Subsequently, Pandya filed a case with the Gujarat State Shopper Dispute Redressal Fee. “In case of a cheque price over Rs 50,000, the cheque have to be examined beneath an ultraviolet ray machine earlier than clearing it for fee,” argued Pandya’s lawyer including that the financial institution officers turned a blind eye to the principles laid down by the Reserve Financial institution of India and have been negligent whereas clearing the cheque.
In reply to this, the financial institution defended itself by saying that the fraud was dedicated by a 3rd get together so it was not the financial institution’s accountability to cowl up for the loss.
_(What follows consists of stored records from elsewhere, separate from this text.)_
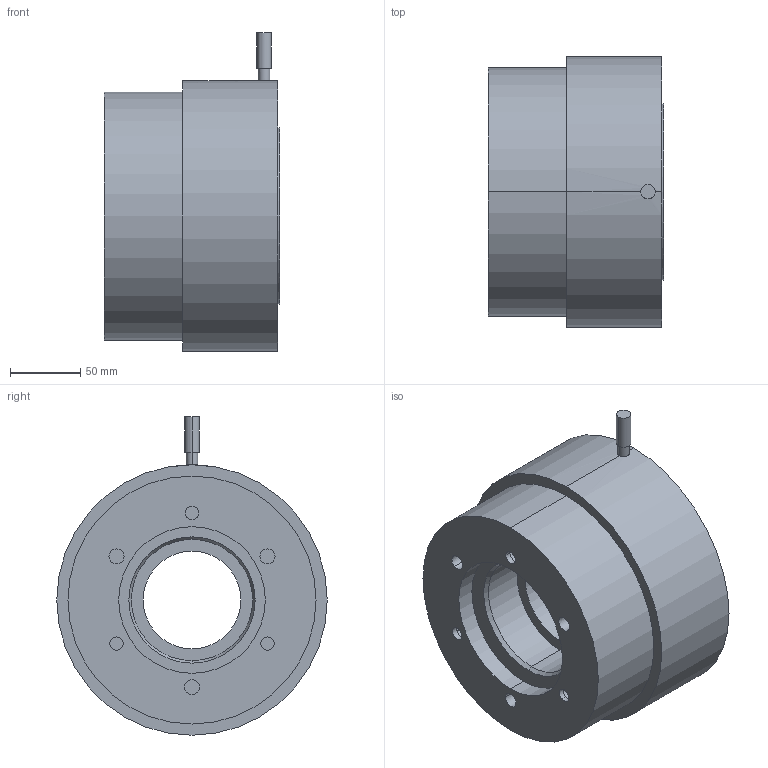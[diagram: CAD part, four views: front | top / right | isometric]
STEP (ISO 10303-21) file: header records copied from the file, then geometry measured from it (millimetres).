
FILE_DESCRIPTION(('starvars output'),'2;1');
FILE_NAME('cv20170217080148000030243.stp','08:01:48 2017/02/17',( 'Thomas Industrial Network Germany GmbH'),( 'Thomas Industrial Network Germany GmbH'),'unknown preprocess','ACIS' ,'unknown authorization');
FILE_SCHEMA(('CONFIG_CONTROL_DESIGN {UNKNOWN IMPLEMENTATION LEVEL}'));
Length unit declared in the file: millimetre
Products named in the file (1): PRODUCT_ID_1
Bounding box: 125.22 x 193.04 x 227.33 mm (x, y, z)
Volume: 2692631.1 mm3; surface area: 181041.3 mm2
Topology: 1 solids, 1 shells, 50 faces, 114 edges, 75 vertices
Faces by surface type: cylinder 36, plane 12, cone 2
Entity records: 1313 total; most frequent: ORIENTED_EDGE 228, CARTESIAN_POINT 219, DIRECTION 173, EDGE_CURVE 114, VERTEX_POINT 75, EDGE_LOOP 73, FACE_BOUND 73, AXIS2_PLACEMENT_3D 67
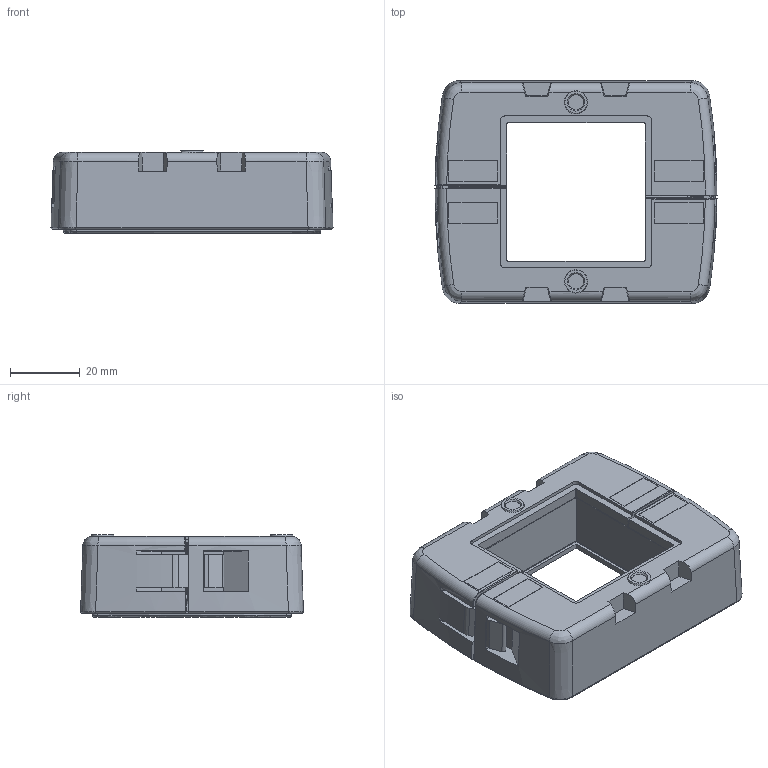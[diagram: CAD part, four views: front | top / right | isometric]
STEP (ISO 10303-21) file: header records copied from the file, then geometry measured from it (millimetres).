
FILE_DESCRIPTION(/* description */ (''),/* implementation_level */ '2;1');
FILE_NAME(/* name */ '28880.4_KDSI-SR_1-4.stp',/* time_stamp */ '2021-05-11T11:21:45+02:00',/* author */ (''),/* organization */ (''),/* preprocessor_version */ 'ST-DEVELOPER v16.7',/* originating_system */ 'SIEMENS PLM Software NX 12.0',/* authorisation */ '');
FILE_SCHEMA (('AUTOMOTIVE_DESIGN { 1 0 10303 214 3 1 1 1 }'));
Length unit declared in the file: millimetre
Products named in the file (3): KDSI-AD_1-4; KDSI-SR_1-4; 28880.4_KDSI-SR_1-4
Assembly tree (3 placements, depth 2):
  28880.4_KDSI-SR_1-4
    KDSI-SR_1-4
    KDSI-AD_1-4  x2
Bounding box: 80.95 x 63.96 x 23.7 mm (x, y, z)
Volume: 56641.5 mm3; surface area: 35121.7 mm2
Topology: 3 solids, 7 shells, 778 faces, 2058 edges, 1304 vertices
Faces by surface type: plane 396, bspline 140, cylinder 127, cone 44, torus 40, extrusion 27, sphere 4
Full cylindrical faces by diameter (mm): 5.5 x4
Entity records: 18445 total; most frequent: CARTESIAN_POINT 6280, ORIENTED_EDGE 2730, DIRECTION 2161, EDGE_CURVE 1365, VERTEX_POINT 869, VECTOR 831, LINE 811, AXIS2_PLACEMENT_3D 665
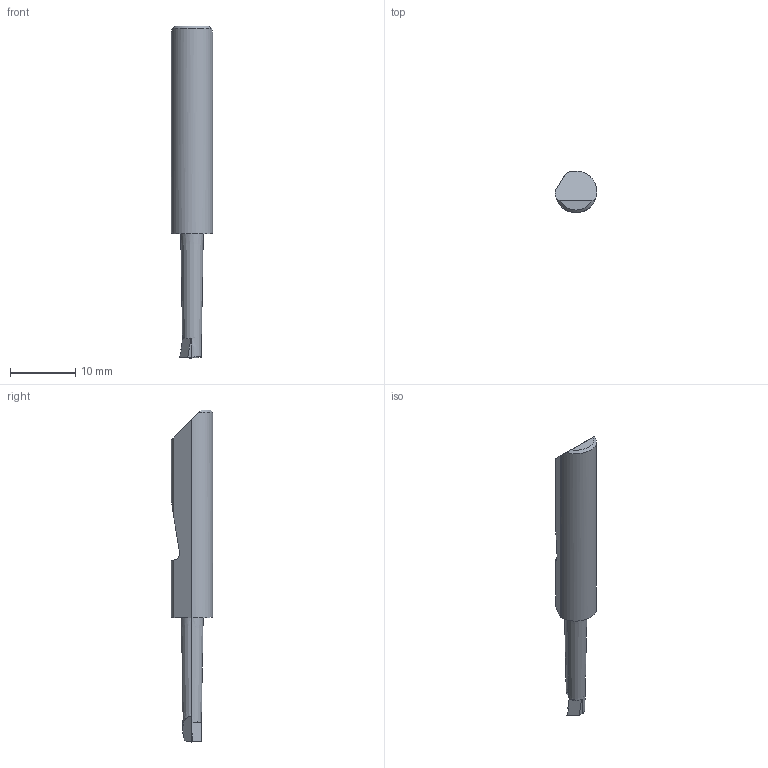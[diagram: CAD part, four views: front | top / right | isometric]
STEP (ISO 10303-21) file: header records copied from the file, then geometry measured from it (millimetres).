
FILE_DESCRIPTION (( 'STEP AP214' ), '1' );
FILE_NAME ('Micro_QBM-150750X.STEP', '2021-08-31T12:19:08', ( '' ), ( '' ), 'SwSTEP 2.0', 'SolidWorks 2020', '' );
FILE_SCHEMA (( 'AUTOMOTIVE_DESIGN' ));
Length unit declared in the file: inch
Products named in the file (1): Micro_QBM-150750X
Bounding box: 6.35 x 6.35 x 50.8 mm (x, y, z)
Volume: 1055.4 mm3; surface area: 846.1 mm2
Topology: 1 solids, 1 shells, 28 faces, 68 edges, 43 vertices
Faces by surface type: plane 18, cylinder 7, cone 3
Entity records: 860 total; most frequent: CARTESIAN_POINT 227, ORIENTED_EDGE 136, DIRECTION 109, EDGE_CURVE 68, VERTEX_POINT 43, AXIS2_PLACEMENT_3D 38, VECTOR 33, LINE 33

The financial institution additional argued that an SMS alert was despatched to the account holder for verification.
After listening to the arguments of each events, the judicial member of the fee, M J Mehta, got here to the conclusion that it was the responsibility of the financial institution to stick to all the principles and laws established by the RBI and confirm the cheque accordingly. “The financial institution didn’t comply with the principles adopted by itself. It lacked in performing its responsibility and was poor in service,” famous the buyer court docket. Lastly, the fee said that the one redressal, on this case, is the Shopper Safety Act.